In December 2013, Indianapolis Mayor Greg Ballard and city and court officials announced a plan to build a $500 million criminal justice complex in Marion County to house the courts, jails and other offices in one location. Currently, those entities are spread across downtown Indianapolis and the county. The announcement has caused some controversy regarding selection of its location, how it will be financed, and transparency of the details.

Most agree it would be ideal to have all of the court-related functions in one location, but few could agree where the future criminal justice complex should be located. The city originally preferred a site near the Indianapolis International Airport on the edge of the Hendricks County and Marion County line, but later decided on a location on the former GM stamping plant just west of the heart of downtown.

complex-city-county-15col.jpg The justice center would move criminal courts from the City-County Building. (IL file photo)
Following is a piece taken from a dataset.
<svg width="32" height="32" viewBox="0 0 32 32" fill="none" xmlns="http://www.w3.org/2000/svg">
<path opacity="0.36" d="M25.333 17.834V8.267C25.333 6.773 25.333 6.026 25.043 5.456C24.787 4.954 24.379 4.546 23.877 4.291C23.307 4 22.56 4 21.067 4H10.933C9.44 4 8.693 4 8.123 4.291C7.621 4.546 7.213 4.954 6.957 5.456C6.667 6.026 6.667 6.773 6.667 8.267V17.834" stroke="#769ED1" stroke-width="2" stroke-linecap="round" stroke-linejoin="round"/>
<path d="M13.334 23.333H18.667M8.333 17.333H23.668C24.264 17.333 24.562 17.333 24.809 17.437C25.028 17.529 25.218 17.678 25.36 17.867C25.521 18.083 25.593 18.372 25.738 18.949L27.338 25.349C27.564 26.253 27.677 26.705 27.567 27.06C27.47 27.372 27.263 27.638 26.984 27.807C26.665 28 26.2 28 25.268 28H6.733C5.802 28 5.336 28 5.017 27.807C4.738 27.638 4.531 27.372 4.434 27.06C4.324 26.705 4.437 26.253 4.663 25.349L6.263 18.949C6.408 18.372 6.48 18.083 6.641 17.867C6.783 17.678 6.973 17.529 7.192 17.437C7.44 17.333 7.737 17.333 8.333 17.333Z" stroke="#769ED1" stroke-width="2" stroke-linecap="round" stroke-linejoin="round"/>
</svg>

Creating a justice center outside of the city’s center raised concerns about accessibility by the public, the extra time to travel to court by attorneys, and the impact on businesses and real estate if the court-related functions left. At this point, civil court would remain in its current location in downtown Indianapolis, but Indianapolis Director of Enterprise Development David Rosenberg said civil courts could be relocated to the new criminal complex in the future.

The mayor selected three bidders and released the request for proposals in April. The city did not make most of the RFP public until October. The mayor’s office announced Paris-based WMB Heartland Justice Partners as the winning bidder Dec. 12, and it will pay WMB Heartland $1.6 billion over 35 years for the new justice center.

City officials have repeatedly said that taxes will not be increased to pay for the construction and that efficiencies created by consolidating criminal courts and services in one location will fund the complex.